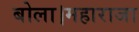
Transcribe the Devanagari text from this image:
बोला।महाराजा
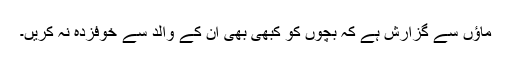
ماؤں سے گزارش ہے کہ بچوں کو کبھی بھی ان کے والد سے خوفزدہ نہ کریں۔
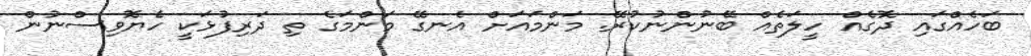
ބަހެއްގައި ދޮގެއް ހީލަތެއް ބޭނުންނުކުރޭ. މަންމައަށް އެނގޭ މަންމަގެ ތި ދަރިފުޅަކީ ހެޔޮވިސްނުން
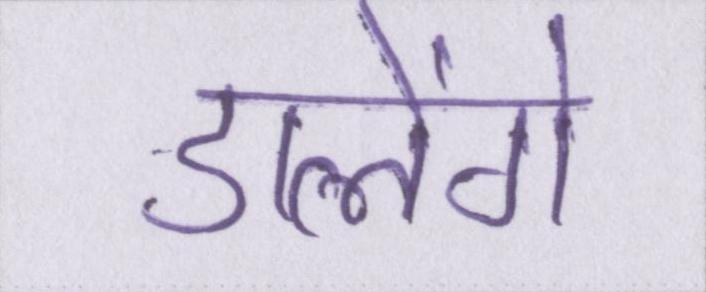
डालेंगे
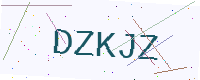
Text: DZKJZ
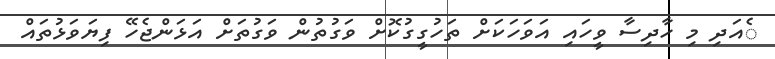
ެއަދި މި ހާދިސާ ވީހައި އަވަހަކަށް ތަހުގީގުކޮށް ވަގުތުން ވަގުތަށް އަޅަންޖެހޭ ފިޔަވަޅުތައް
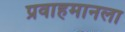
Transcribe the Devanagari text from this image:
प्रवाहमानला
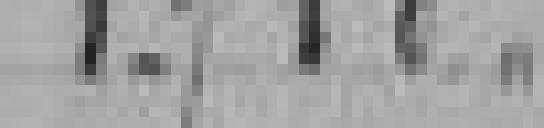
1.710
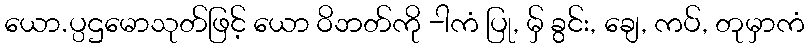
ယော.ပ္ပဌမောသုတ်ဖြင့် ယော ဝိဘတ်ကို -ါကံ ပြု, မ်ှ ခွင်း, ချေ, ကပ်, တုမှာကံ
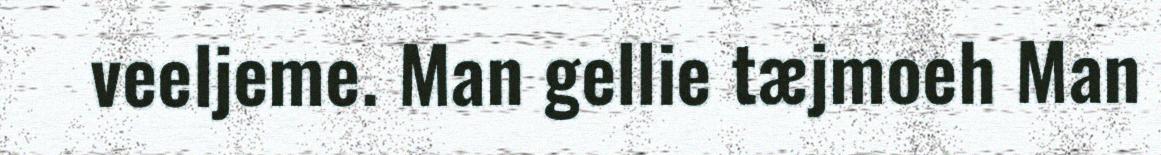
veeljeme. Man gellie tæjmoeh Man
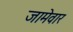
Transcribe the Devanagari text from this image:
जामेवार
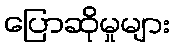
ပြောဆိုမှုများ
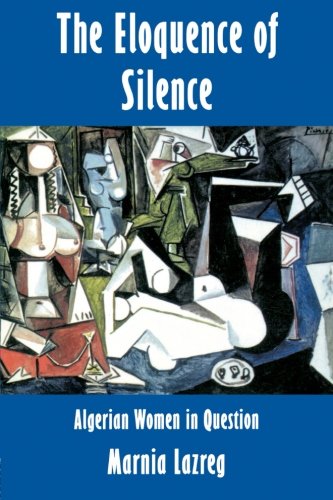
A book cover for The Eloquence of Silence: Algerian Women in Question; Marnia Lazreg; History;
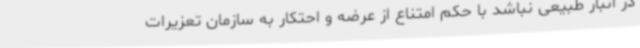
در انبار طبیعی نباشد با حکم امتناع از عرضه و احتکار به سازمان تعزیرات
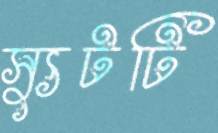
স্যুটটি
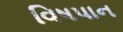
વિષપાન
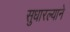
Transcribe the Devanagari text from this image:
सुधारल्याने
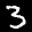
Label: 3
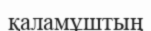
қаламұштың
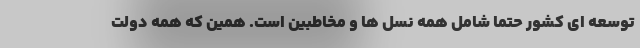
توسعه ای کشور حتما شامل همه نسل ها و مخاطبین است. همین که همه دولت

#####

*What you should do*. Without including any picture, print all of the entries above exactly.

*Answer section*.
Transcribe the Devanagari text from this image:
बोला।महाराजा
ماؤں سے گزارش ہے کہ بچوں کو کبھی بھی ان کے والد سے خوفزدہ نہ کریں۔
ބަހެއްގައި ދޮގެއް ހީލަތެއް ބޭނުންނުކުރޭ. މަންމައަށް އެނގޭ މަންމަގެ ތި ދަރިފުޅަކީ ހެޔޮވިސްނުން
डालेंगे
Text: DZKJZ
ެއަދި މި ހާދިސާ ވީހައި އަވަހަކަށް ތަހުގީގުކޮށް ވަގުތުން ވަގުތަށް އަޅަންޖެހޭ ފިޔަވަޅުތައް
Transcribe the Devanagari text from this image:
प्रवाहमानला
1.710
ယော.ပ္ပဌမောသုတ်ဖြင့် ယော ဝိဘတ်ကို -ါကံ ပြု, မ်ှ ခွင်း, ချေ, ကပ်, တုမှာကံ
veeljeme. Man gellie tæjmoeh Man
Transcribe the Devanagari text from this image:
जामेवार
ပြောဆိုမှုများ
A book cover for The Eloquence of Silence: Algerian Women in Question; Marnia Lazreg; History;
در انبار طبیعی نباشد با حکم امتناع از عرضه و احتکار به سازمان تعزیرات
স্যুটটি
વિષપાન
Transcribe the Devanagari text from this image:
सुधारल्याने
Label: 3
қаламұштың
توسعه ای کشور حتما شامل همه نسل ها و مخاطبین است. همین که همه دولت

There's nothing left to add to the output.